What is required. Go through the material below and copy all lines with "would".

*** Task inputs ***

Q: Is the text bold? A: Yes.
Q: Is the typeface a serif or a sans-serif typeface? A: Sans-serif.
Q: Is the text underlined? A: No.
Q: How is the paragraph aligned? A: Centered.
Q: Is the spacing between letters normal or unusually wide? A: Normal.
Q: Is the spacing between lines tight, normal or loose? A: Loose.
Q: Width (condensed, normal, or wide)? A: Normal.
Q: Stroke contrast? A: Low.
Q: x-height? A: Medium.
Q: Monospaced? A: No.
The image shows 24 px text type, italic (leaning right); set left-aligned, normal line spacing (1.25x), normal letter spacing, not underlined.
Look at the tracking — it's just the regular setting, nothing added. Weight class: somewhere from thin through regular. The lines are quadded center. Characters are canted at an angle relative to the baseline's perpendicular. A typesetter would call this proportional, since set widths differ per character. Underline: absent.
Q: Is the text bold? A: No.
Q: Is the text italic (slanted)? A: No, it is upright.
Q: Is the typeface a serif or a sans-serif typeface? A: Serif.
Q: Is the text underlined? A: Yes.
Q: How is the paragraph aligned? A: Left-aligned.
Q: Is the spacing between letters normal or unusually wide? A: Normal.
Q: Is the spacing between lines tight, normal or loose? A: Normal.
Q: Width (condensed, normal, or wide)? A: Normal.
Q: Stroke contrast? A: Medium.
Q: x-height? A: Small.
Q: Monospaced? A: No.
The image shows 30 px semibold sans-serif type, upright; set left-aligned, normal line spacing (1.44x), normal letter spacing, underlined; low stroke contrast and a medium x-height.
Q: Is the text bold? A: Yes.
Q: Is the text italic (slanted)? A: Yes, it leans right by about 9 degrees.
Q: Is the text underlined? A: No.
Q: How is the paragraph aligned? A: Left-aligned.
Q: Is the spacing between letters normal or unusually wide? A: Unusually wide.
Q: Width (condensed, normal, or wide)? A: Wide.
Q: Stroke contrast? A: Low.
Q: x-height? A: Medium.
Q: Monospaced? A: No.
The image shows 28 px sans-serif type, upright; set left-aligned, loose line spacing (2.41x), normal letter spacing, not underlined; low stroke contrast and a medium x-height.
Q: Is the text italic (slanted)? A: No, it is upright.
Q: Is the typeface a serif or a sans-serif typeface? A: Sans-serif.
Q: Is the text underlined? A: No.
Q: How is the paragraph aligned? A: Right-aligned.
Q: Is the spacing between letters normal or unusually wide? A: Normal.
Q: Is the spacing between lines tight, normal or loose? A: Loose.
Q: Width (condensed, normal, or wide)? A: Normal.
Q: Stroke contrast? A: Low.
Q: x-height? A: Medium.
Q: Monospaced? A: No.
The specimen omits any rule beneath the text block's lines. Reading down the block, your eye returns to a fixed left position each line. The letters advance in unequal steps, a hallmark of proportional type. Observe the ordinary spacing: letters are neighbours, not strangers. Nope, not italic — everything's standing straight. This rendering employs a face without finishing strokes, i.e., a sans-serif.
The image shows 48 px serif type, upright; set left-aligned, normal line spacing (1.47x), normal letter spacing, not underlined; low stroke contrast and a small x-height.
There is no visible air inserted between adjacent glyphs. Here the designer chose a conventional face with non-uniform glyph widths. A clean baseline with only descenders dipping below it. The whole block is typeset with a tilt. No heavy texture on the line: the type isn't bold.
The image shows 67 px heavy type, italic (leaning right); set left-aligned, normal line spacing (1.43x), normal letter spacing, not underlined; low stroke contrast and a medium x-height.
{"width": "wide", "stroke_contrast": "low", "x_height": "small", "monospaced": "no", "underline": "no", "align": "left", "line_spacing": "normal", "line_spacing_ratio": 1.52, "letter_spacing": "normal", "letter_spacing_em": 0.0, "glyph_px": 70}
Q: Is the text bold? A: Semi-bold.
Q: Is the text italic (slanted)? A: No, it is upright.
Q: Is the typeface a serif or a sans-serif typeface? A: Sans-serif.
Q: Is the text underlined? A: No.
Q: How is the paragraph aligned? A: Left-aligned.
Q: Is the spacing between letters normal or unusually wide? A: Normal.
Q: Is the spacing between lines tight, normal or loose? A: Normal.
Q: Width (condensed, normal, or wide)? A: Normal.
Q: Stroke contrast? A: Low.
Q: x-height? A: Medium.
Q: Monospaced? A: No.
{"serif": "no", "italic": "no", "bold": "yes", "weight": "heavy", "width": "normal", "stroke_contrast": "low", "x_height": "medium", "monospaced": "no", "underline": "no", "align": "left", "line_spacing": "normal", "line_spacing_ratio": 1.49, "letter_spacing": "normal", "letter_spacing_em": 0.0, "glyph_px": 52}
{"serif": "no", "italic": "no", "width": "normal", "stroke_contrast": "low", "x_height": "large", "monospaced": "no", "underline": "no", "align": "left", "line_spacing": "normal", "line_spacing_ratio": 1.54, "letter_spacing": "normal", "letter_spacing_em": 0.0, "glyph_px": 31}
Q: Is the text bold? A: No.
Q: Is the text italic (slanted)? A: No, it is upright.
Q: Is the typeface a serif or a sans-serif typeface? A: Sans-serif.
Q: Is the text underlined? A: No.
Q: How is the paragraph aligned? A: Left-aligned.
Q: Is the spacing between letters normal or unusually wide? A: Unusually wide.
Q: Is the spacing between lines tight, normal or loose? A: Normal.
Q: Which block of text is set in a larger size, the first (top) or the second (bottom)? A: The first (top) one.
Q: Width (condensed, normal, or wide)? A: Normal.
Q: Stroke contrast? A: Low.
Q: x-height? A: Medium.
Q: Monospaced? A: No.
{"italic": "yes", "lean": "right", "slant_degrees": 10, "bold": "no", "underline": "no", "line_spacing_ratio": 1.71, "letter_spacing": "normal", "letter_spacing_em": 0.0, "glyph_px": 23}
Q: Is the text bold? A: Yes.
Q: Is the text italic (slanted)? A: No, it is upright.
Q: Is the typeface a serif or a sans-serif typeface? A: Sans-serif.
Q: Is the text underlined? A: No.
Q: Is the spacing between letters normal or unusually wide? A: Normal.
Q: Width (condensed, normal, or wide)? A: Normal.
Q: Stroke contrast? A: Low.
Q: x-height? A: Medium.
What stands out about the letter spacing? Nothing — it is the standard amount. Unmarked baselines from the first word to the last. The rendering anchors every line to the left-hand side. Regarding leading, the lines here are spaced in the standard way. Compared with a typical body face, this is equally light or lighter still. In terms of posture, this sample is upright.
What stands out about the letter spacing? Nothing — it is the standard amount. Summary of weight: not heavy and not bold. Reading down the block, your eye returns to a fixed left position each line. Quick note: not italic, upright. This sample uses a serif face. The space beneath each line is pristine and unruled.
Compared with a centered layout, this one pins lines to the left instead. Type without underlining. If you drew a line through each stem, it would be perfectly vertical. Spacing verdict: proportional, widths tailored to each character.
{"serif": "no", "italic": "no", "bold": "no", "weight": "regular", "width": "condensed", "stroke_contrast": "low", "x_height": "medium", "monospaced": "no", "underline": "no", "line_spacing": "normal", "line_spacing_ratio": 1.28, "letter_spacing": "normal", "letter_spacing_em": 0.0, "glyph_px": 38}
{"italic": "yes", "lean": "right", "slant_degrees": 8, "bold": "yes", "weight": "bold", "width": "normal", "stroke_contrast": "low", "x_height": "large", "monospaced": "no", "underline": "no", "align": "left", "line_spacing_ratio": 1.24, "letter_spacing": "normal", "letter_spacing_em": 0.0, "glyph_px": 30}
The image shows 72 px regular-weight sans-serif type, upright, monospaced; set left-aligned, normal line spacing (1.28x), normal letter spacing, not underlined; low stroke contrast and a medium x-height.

***

Answer to this exercise.
Look at the tracking — it's just the regular setting, nothing added. Weight class: somewhere from thin through regular. The lines are quadded center. Characters are canted at an angle relative to the baseline's perpendicular. A typesetter would call this proportional, since set widths differ per character. Underline: absent.
Compared with a centered layout, this one pins lines to the left instead. Type without underlining. If you drew a line through each stem, it would be perfectly vertical. Spacing verdict: proportional, widths tailored to each character.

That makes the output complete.